Note: It is advised to disable the progress bar if calling swifter from a forked process as the progress bar may get confused between various multiprocessing modules.
def pandas.DataFrame.swifter.progress_bar(enable=True, desc=None)
For example, let's say we have a pandas dataframe df. The following will perform a swifter apply, without the TQDM progress bar.
df.swifter.progress_bar(False).apply(lambda x: x+1)
Specify the number of partitions to allocate to swifter, if parallel processing is chosen to be the quickest apply. If npartitions=None, it defaults to cpu_count()*2
def pandas.DataFrame.swifter.set_npartitions(npartitions=None)
For example, let's say we have a pandas dataframe df. The following will perform a swifter apply, using 2 partitions
df.swifter.set_npartitions(2).apply(lambda x: x+1)
Specify the dask threshold (in seconds) for the max allowable time estimate for a pandas apply on the full dataframe
def pandas.DataFrame.swifter.set_dask_threshold(dask_threshold=1)
For example, let's say we have a pandas dataframe df. The following will perform a swifter apply, with the threshold set to 3 seconds
df.swifter.set_dask_threshold(dask_threshold=3).apply(lambda x: x+1)
Set the dask scheduler
:param scheduler: String, ["threads", "processes"]
def pandas.DataFrame.swifter.set_dask_scheduler(scheduler="processes")
For example, let's say we have a pandas dataframe df. The following will perform a swifter apply, with the scheduler set to multithreading.
df.swifter.set_dask_scheduler(scheduler="threads").apply(lambda x: x+1)
This flag allows the user to specify whether to allow dask to handle dataframes containing string types. Dask can be particularly slow if you are actually manipulating strings, but if you just have a string column in your data frame this will allow dask to handle the execution.
def pandas.DataFrame.swifter.allow_dask_on_strings(enable=True)
For example, let's say we have a pandas dataframe df. The following will allow Dask to process a dataframe with string columns.
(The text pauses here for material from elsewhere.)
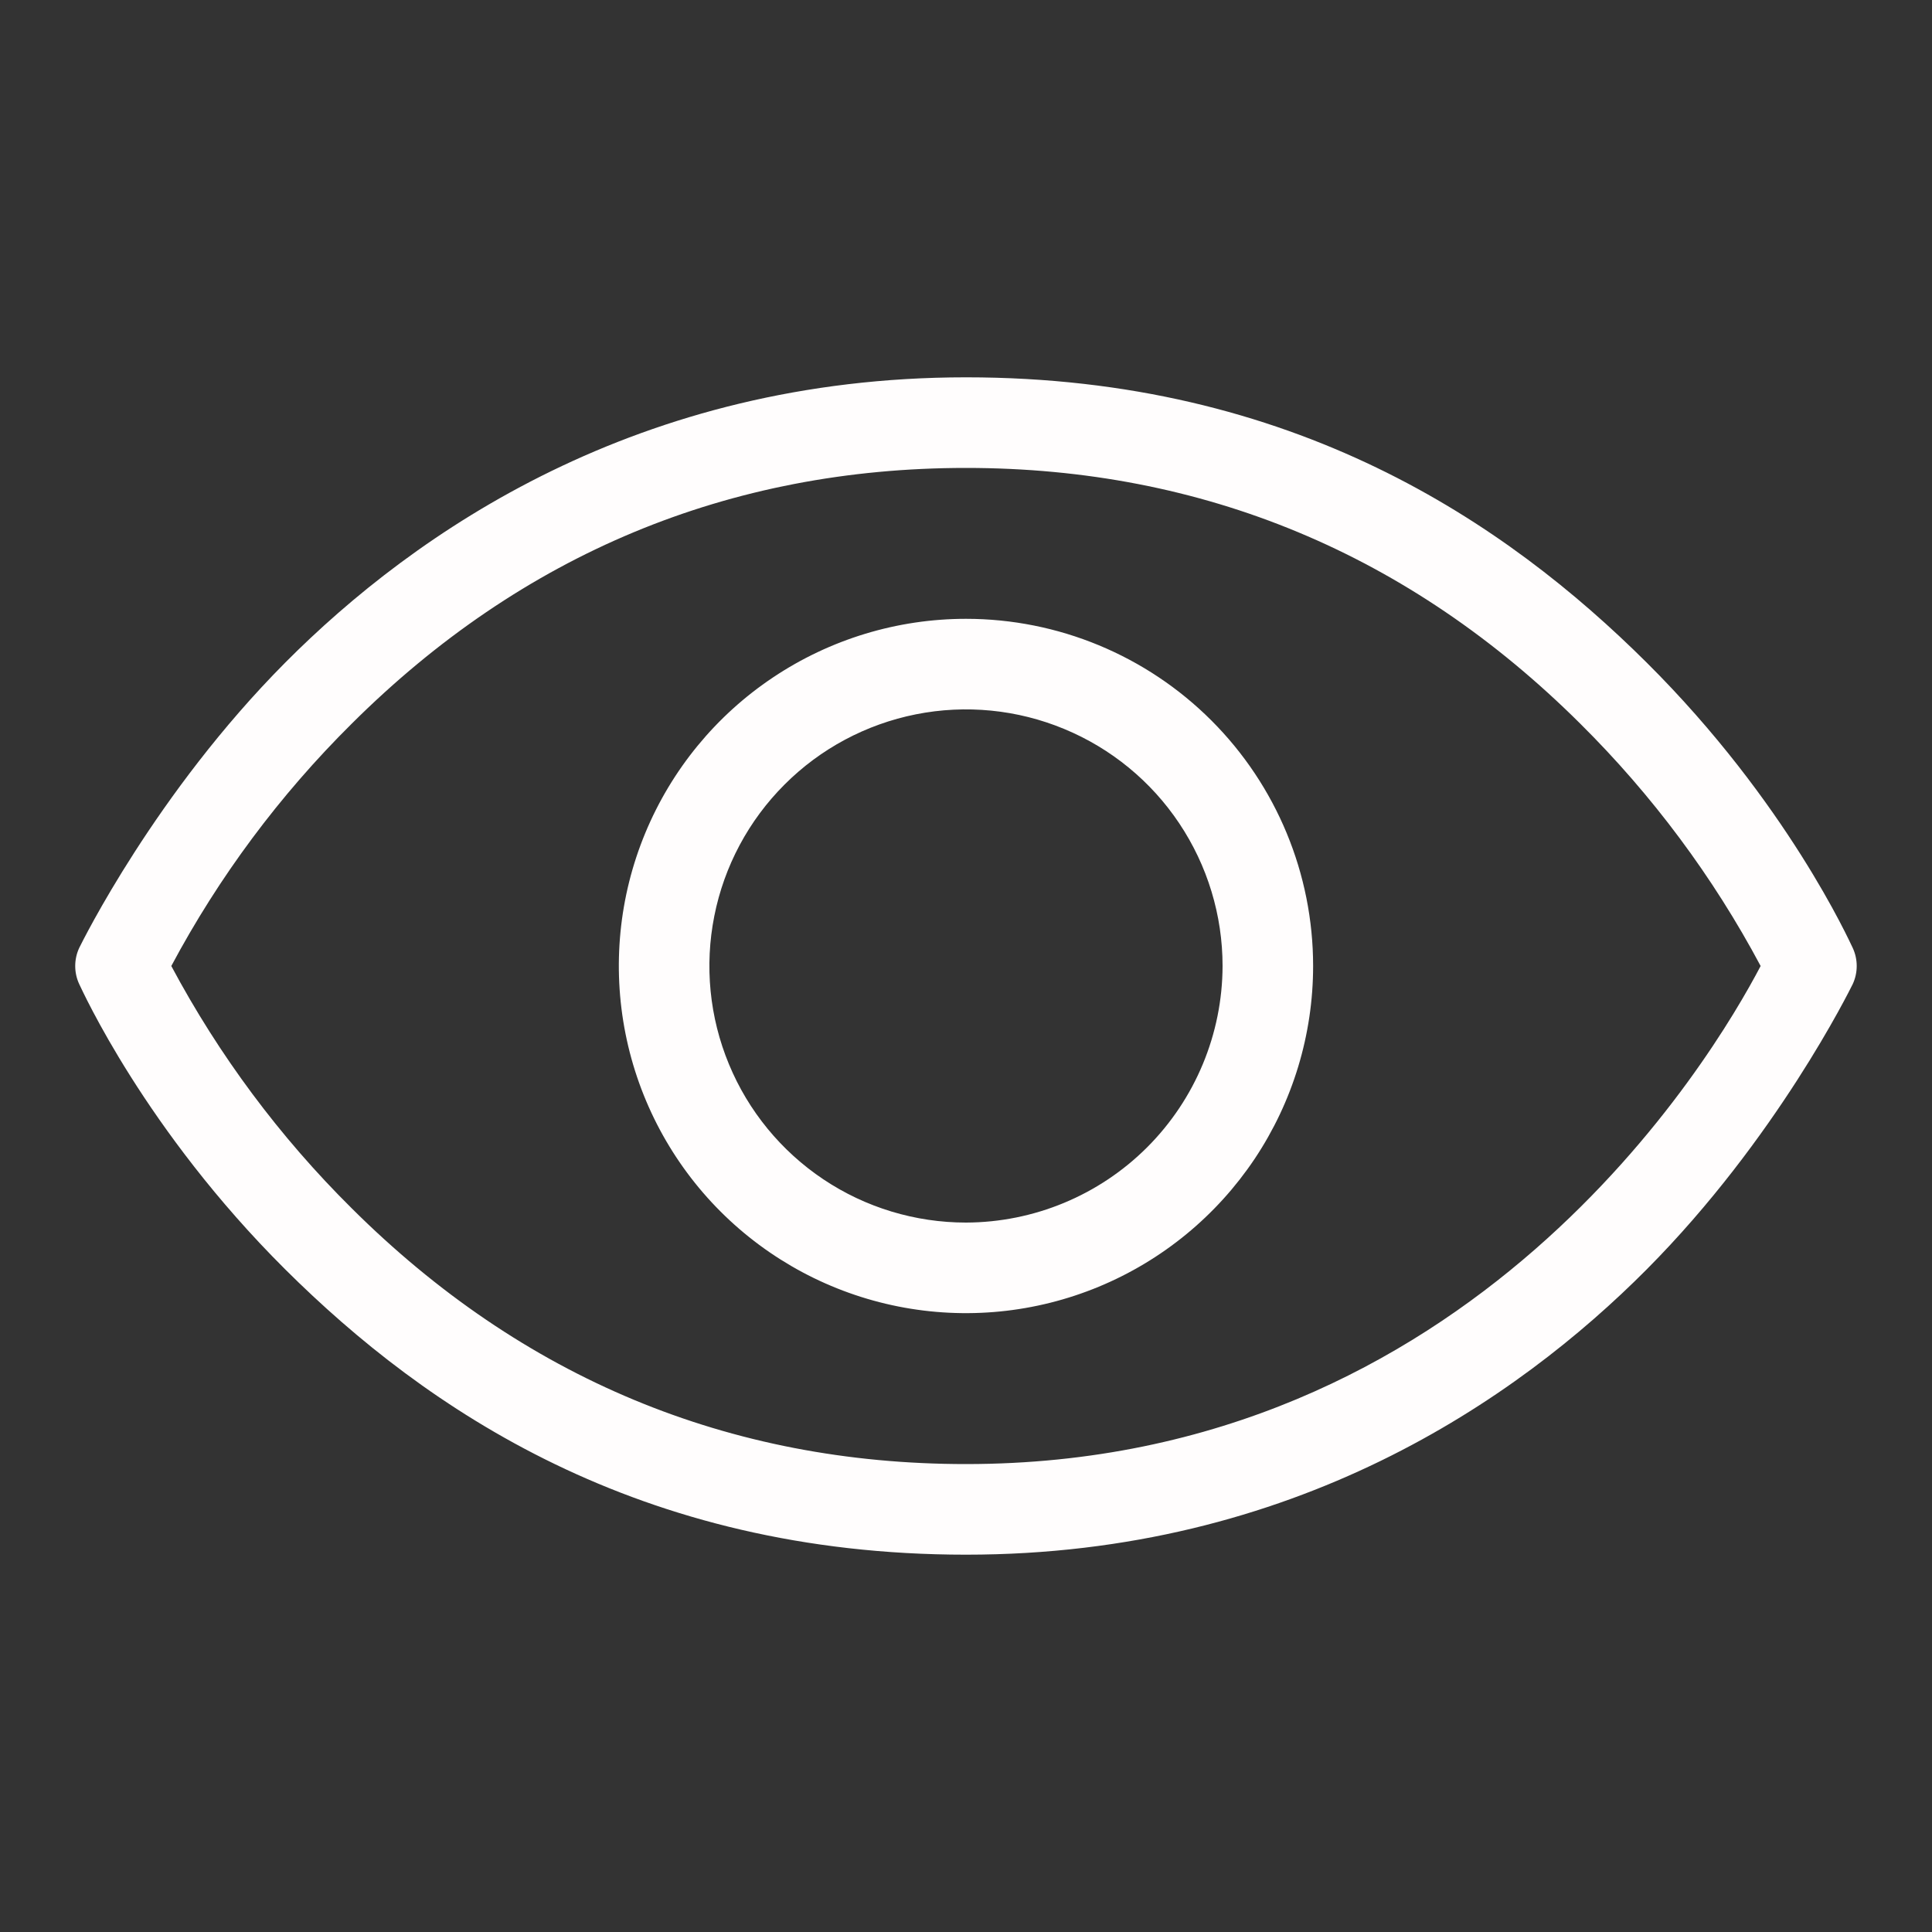 <svg width="30" height="30" viewBox="0 0 30 30" fill="none" xmlns="http://www.w3.org/2000/svg">
<rect x="0" y="0" width="30" height="30" fill="#333333" stroke="none"/>
<path d="M28.769 14.719C28.722 14.625 27.75 12.457 25.57 10.289C23.39 8.121 20.085 5.859 15 5.859C9.914 5.859 6.445 8.262 4.429 10.289C2.414 12.316 1.277 14.625 1.23 14.719C1.189 14.807 1.168 14.903 1.168 15C1.168 15.097 1.189 15.193 1.23 15.281C1.277 15.375 2.25 17.543 4.429 19.711C6.609 21.879 9.914 24.141 15 24.141C20.085 24.141 23.554 21.738 25.57 19.711C27.585 17.684 28.722 15.375 28.769 15.281C28.81 15.193 28.831 15.097 28.831 15C28.831 14.903 28.81 14.807 28.769 14.719ZM15 22.734C11.32 22.734 8.109 21.398 5.461 18.762C4.344 17.655 3.4 16.387 2.66 15C3.4 13.613 4.344 12.345 5.461 11.238C8.109 8.602 11.32 7.266 15 7.266C18.679 7.266 21.89 8.602 24.539 11.238C25.655 12.345 26.6 13.613 27.339 15C26.589 16.43 22.851 22.734 15 22.734ZM15 9.609C13.933 9.609 12.891 9.926 12.005 10.518C11.118 11.11 10.427 11.952 10.019 12.937C9.611 13.922 9.505 15.006 9.713 16.052C9.921 17.097 10.434 18.058 11.188 18.812C11.942 19.566 12.902 20.079 13.948 20.287C14.994 20.495 16.078 20.388 17.062 19.98C18.047 19.572 18.889 18.881 19.482 17.995C20.074 17.108 20.39 16.066 20.39 15C20.39 13.57 19.822 12.199 18.811 11.188C17.8 10.177 16.429 9.609 15 9.609ZM15 18.984C14.212 18.984 13.441 18.751 12.786 18.313C12.131 17.875 11.62 17.253 11.319 16.525C11.017 15.797 10.938 14.996 11.092 14.223C11.245 13.45 11.625 12.74 12.182 12.183C12.739 11.625 13.449 11.246 14.222 11.092C14.995 10.938 15.796 11.017 16.524 11.319C17.252 11.62 17.875 12.131 18.312 12.786C18.75 13.442 18.984 14.212 18.984 15C18.981 16.056 18.56 17.067 17.814 17.814C17.067 18.561 16.055 18.981 15 18.984Z" fill="#FFFDFD"/>
</svg>

df.swifter.allow_dask_on_strings().apply(lambda x: x+1)
This flag allows the user to specify to override swifter's default functionality to run try vectorization, sample applies, and determine the fastest apply possible. Instead it forces swifter to use dask.
def pandas.DataFrame.swifter.force_parallel(enable=True)
For example, let's say we have a pandas dataframe df. The following will force Dask to process the dataframe.
df.swifter.force_parallel().apply(lambda x: x+1)
This gives access to modin.DataFrame.swifter.apply(...)
and modin.Series.swifter.apply(...)
. This registers modin dataframes and series with swifter as accessors.
- NOTE: This is only necessary if you import swifter BEFORE modin. If you import modin before swifter you do not need to execute this method.